ASSIGNMENT:
Please give the records below again in full, exactly, with the images left out.

Stored dataset items
════════
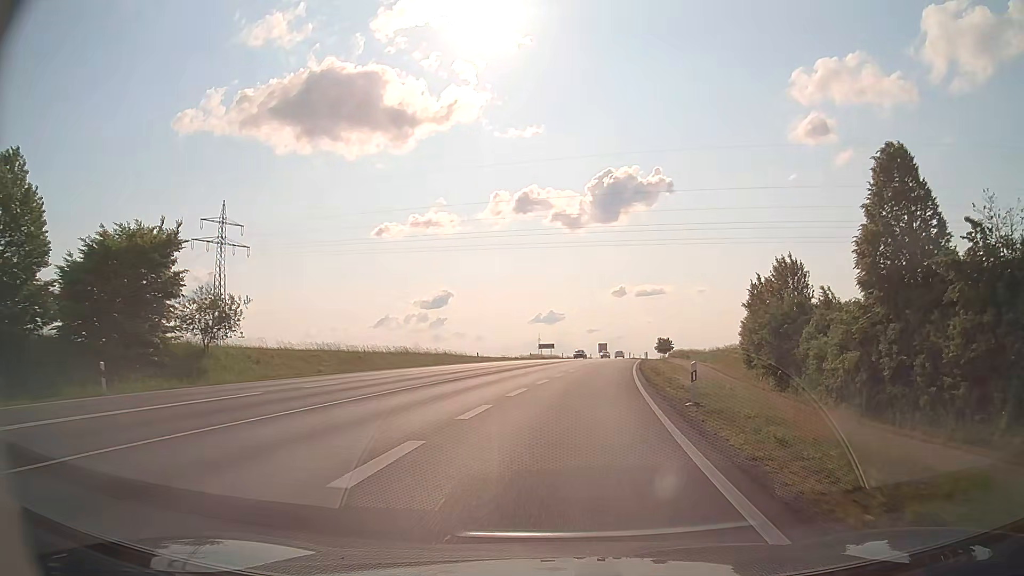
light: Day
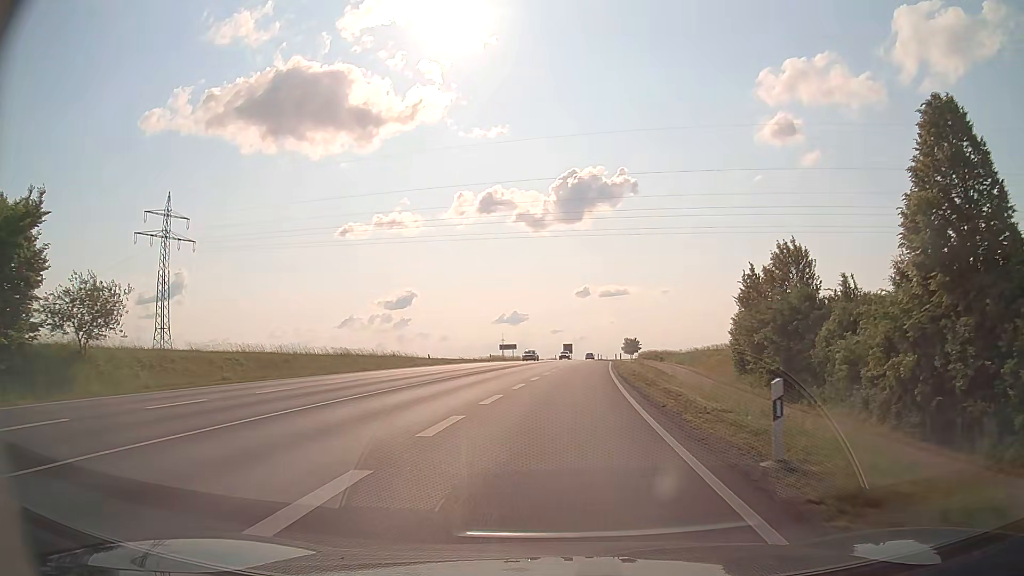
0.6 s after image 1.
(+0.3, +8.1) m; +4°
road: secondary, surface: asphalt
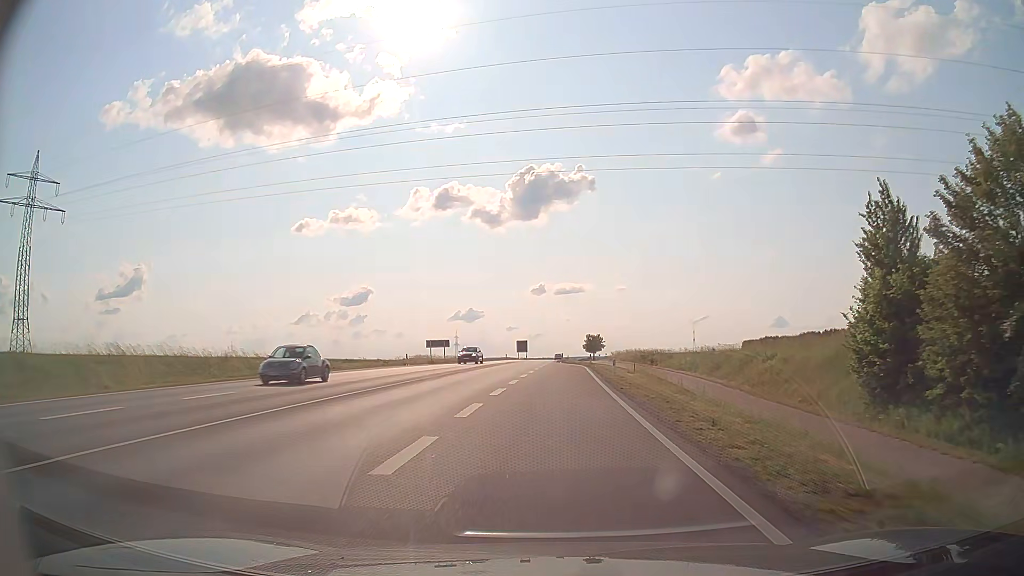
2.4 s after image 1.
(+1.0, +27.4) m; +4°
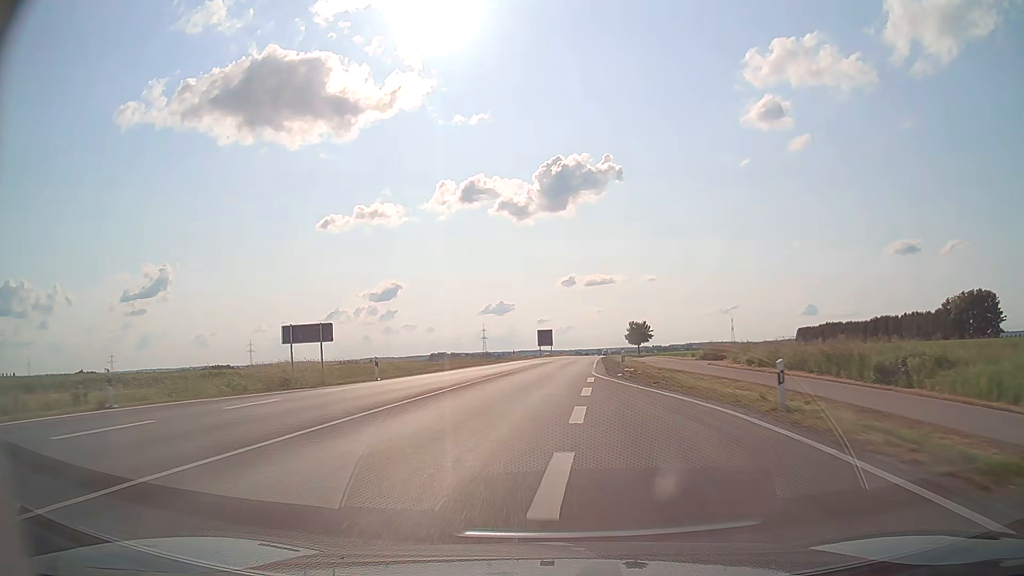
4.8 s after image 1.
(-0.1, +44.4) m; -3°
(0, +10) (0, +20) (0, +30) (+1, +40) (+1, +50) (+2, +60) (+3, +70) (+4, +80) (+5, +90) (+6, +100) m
════════
PROBLEM SOLUTION:
light: Day
0.6 s after image 1.
(+0.3, +8.1) m; +4°
road: secondary, surface: asphalt
2.4 s after image 1.
(+1.0, +27.4) m; +4°
4.8 s after image 1.
(-0.1, +44.4) m; -3°
(0, +10) (0, +20) (0, +30) (+1, +40) (+1, +50) (+2, +60) (+3, +70) (+4, +80) (+5, +90) (+6, +100) m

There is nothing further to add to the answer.